__PROBLEM TO WORK ON__.
From the first line to the last, restate the data exactly, leaving out the images.

Source records
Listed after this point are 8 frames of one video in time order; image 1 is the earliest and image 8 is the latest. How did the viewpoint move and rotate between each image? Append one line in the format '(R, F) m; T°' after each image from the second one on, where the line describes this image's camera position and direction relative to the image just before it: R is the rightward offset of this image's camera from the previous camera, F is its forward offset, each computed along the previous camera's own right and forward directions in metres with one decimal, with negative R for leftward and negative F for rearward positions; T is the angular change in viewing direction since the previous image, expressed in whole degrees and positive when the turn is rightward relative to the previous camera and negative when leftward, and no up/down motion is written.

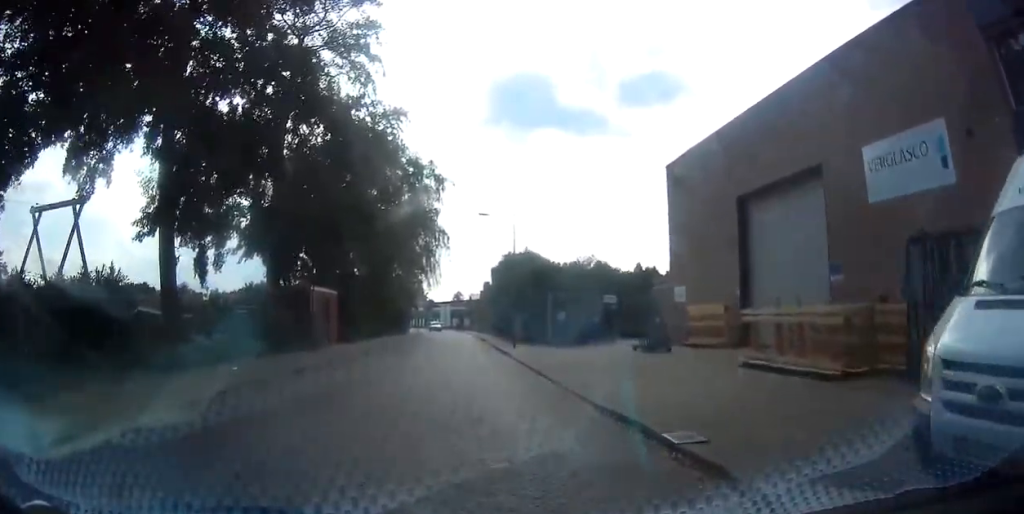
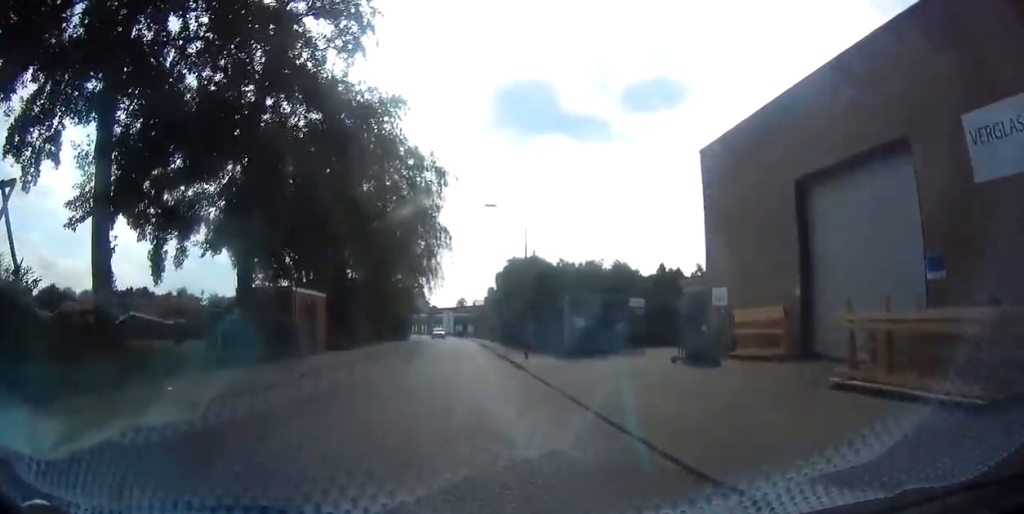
(0.0, +3.5) m; 0°
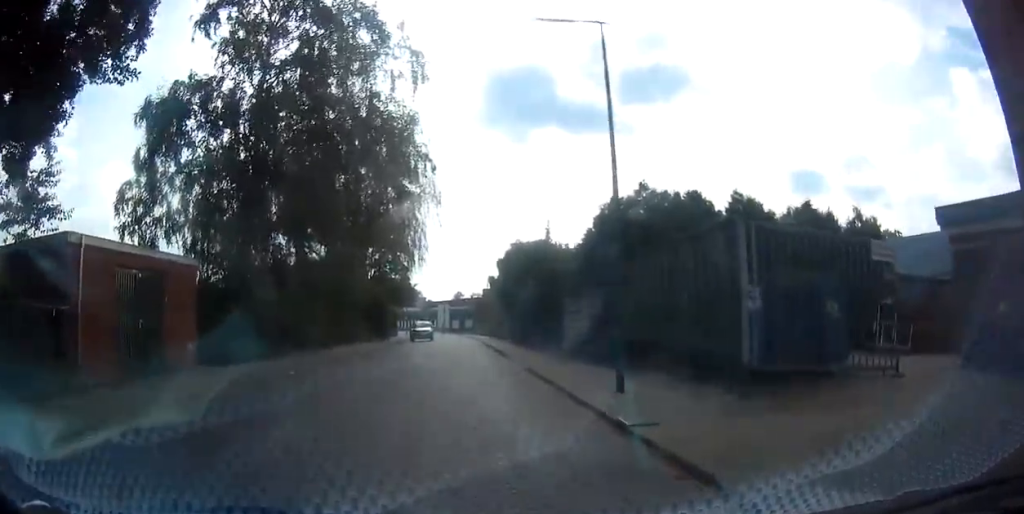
(0.0, +14.5) m; 0°
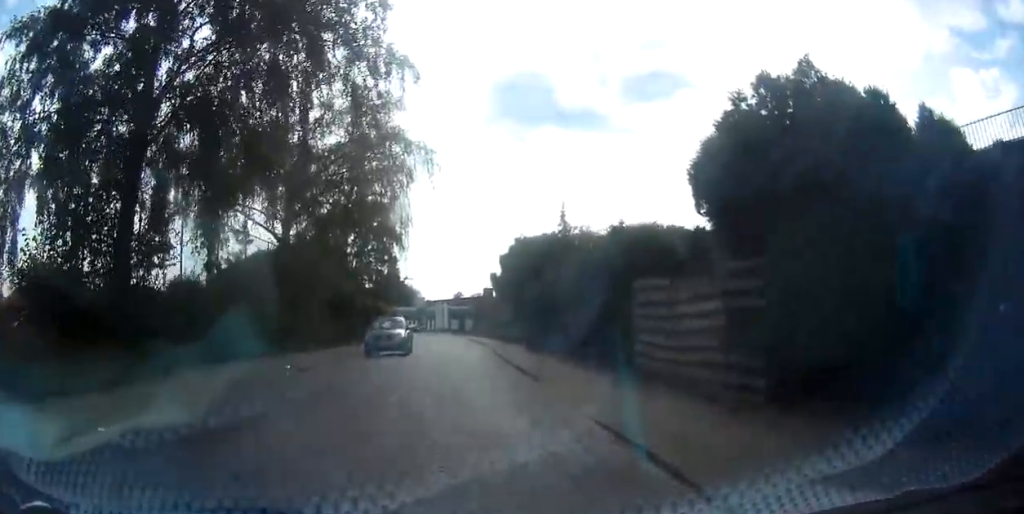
(0.0, +8.2) m; 0°
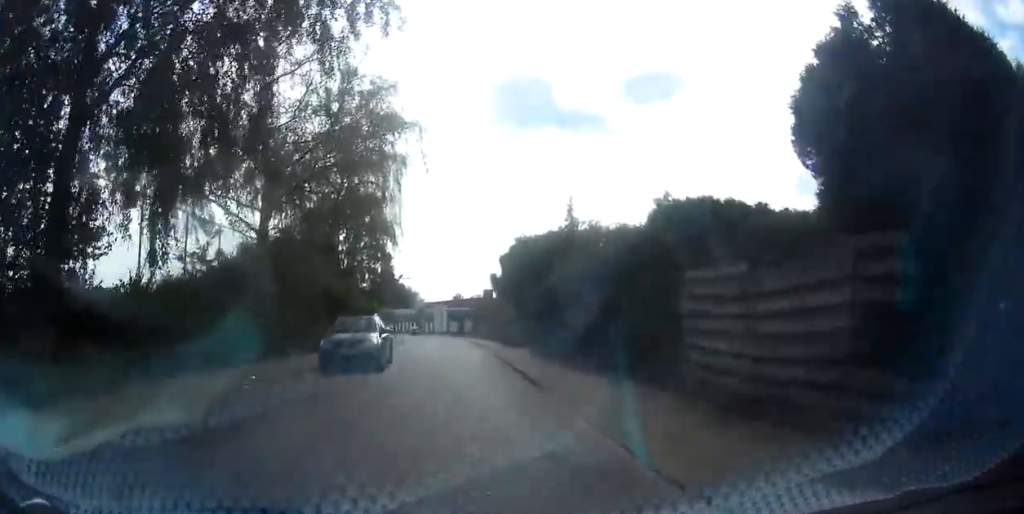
(0.0, +2.9) m; 0°
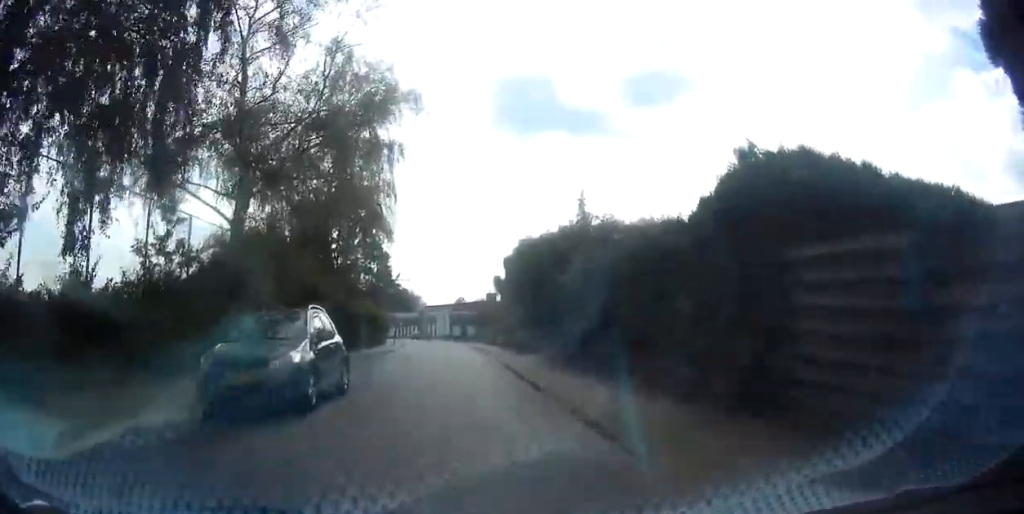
(0.0, +3.0) m; +1°
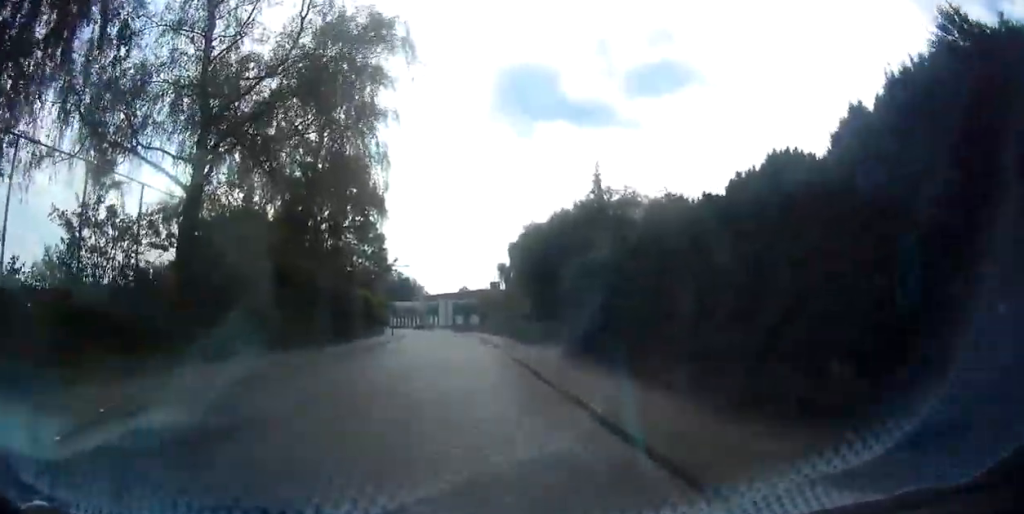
(0.0, +3.7) m; +1°
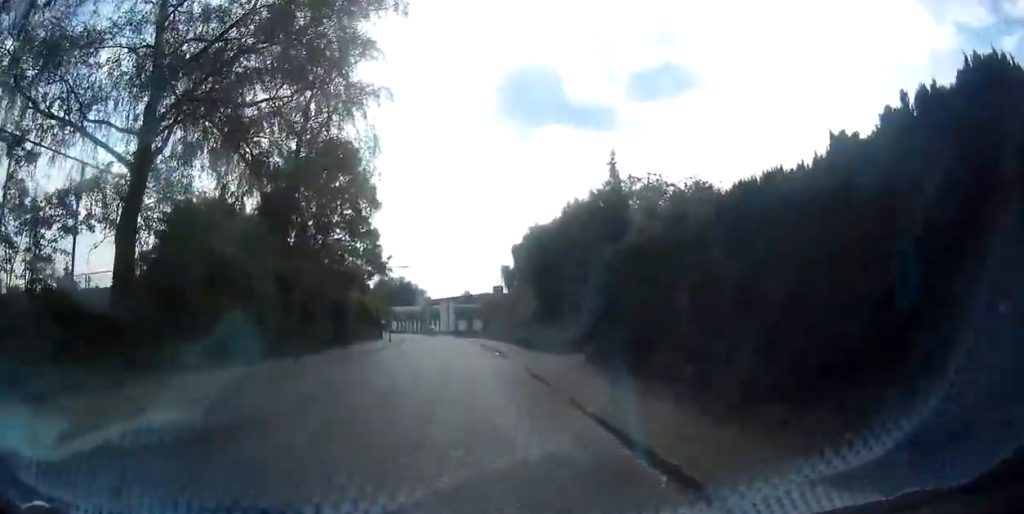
(+0.1, +3.4) m; 0°

__ANSWER TO THE PROBLEM__.
Listed after this point are 8 frames of one video in time order; image 1 is the earliest and image 8 is the latest. How did the viewpoint move and rotate between each image? Append one line in the format '(R, F) m; T°' after each image from the second one on, where the line describes this image's camera position and direction relative to the image just before it: R is the rightward offset of this image's camera from the previous camera, F is its forward offset, each computed along the previous camera's own right and forward directions in metres with one decimal, with negative R for leftward and negative F for rearward positions; T is the angular change in viewing direction since the previous image, expressed in whole degrees and positive when the turn is rightward relative to the previous camera and negative when leftward, and no up/down motion is written.

(0.0, +3.5) m; 0°
(0.0, +14.5) m; 0°
(0.0, +8.2) m; 0°
(0.0, +2.9) m; 0°
(0.0, +3.0) m; +1°
(0.0, +3.7) m; +1°
(+0.1, +3.4) m; 0°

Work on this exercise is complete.